The Cyclones didn’t lose to a non-conference opponent this weekend, but that’s only because Iowa State played a Big 12 opponent instead, and promptly lost to TCU 41-20 in a game that was actually more competitive than the scoreline would suggest.
Indeed, Iowa State actually improved in the running game, rushing for 138 yards, after averaging just over 80 yards in the previous two games. The problem was the passing game, which was...well, let’s just use this quote from our friends in the comments section at WRNL:
Iowa State is off to an 0-3 start and it doesn’t get easier from here.
What about TCU? You don’t learn much from a blowout win over an overmatched conference opponent. But that doesn’t keep TCU fans from using words like “impressive” to describe the defense and singing the praises of Kenny Hill.
This is all a bit premature, but a 2-1 start and top position in the conference standings is probably worth bragging about. A little.
Normally, this would just be a paragraph of LOL emojis, but we really need to talk about Kansas football. Our cousins down river experienced a 41-7 blowout loss to Memphis. But that score doesn’t really tell the full story.

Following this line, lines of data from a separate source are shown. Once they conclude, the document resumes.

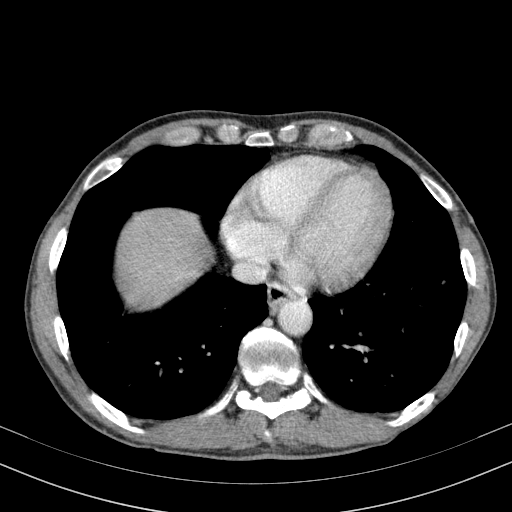

Abdomen, CT scan slice, 512x512 px
liver:
  - (116,208,212,303)
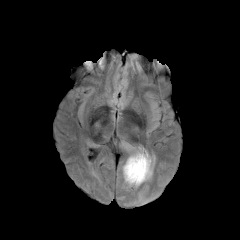
FLAIR MR image.
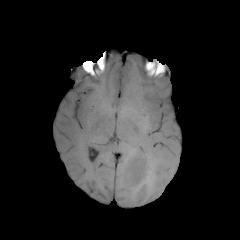
T1-weighted MRI of the same slice.
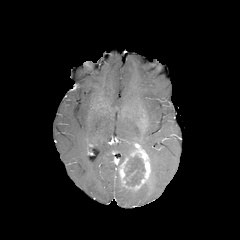
Post-contrast T1-weighted MR image.
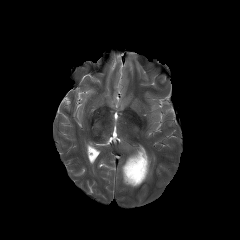
T2-weighted MR image of the same slice.
Brain. 240x240.
The non-enhancing tumor core appears at (125, 156, 144, 185). The enhancing tumor lies within (120, 150, 149, 189). The edema is at (146, 153, 152, 180).

Buried in that nightmare of a scoreline is a defense that played pretty well, and might have made more of an impact if the offense wasn’t so intent on giving the game away. After holding Memphis to just 13 points in the first quarter, Kansas actually scored to narrow the lead to 13-7.
What happened after that? Kansas football happened. Four turnovers in the first half, and another one in the final stanza of the game pretty much sealed the Jayhawks fate, and prompted this reaction from head coach David Beaty:
Kansas does catch a break of sorts this weekend. It is theoretically impossible to lose to BYE.
If you’re not feeling at least a hint of that emotion with the shady, fruity German name on watching Oklahoma lose in spectacular fashion to Ohio State, you’re probably dead inside. Or a Michigan Man.
The 45-24 scoreline (which includes an OU touchdown that wasn’t a touchdown at all) isn’t an accurate reflection of the speed of Ohio State’s athletic receivers (what is Noah Brown I don’t even) or the Buckeyes’ total domination at the line of scrimmage.
Instead, it was emblematic of the Sooners’ defensive woes. Looking variously confused and overmatched, Oklahoma allowed Ohio State almost 300 rushing yards on the day, to go with JT Barrett’s 152 yards through the air.
Afterwards, Oklahoma was left to ponder what had gone wrong in a game that should have been a tight contest between two elite squads. The answer is easy and deflating: everything. But mostly Mike Stoops. (That sudden burst of joy you’re feeling, K-State fan? It’s that schadenfreude again).
Finally, Oklahoma also gave the rest of college football an object lesson in what not to do before a big game: run smack on your talented, highly-rated opponent. Basic, right?
Ohio State enjoyed that one, I think. pic.twitter.com/kgdGtSDY6u— David Ubben (@davidubben) September 18, 2016
The Cowboys bore the brunt of one of the most egregious bad calls in Big 12 history a week ago. This week, quietly and with little fanfare, the team bounced back with a hard-fought 45-38 win over a game Pitt squad.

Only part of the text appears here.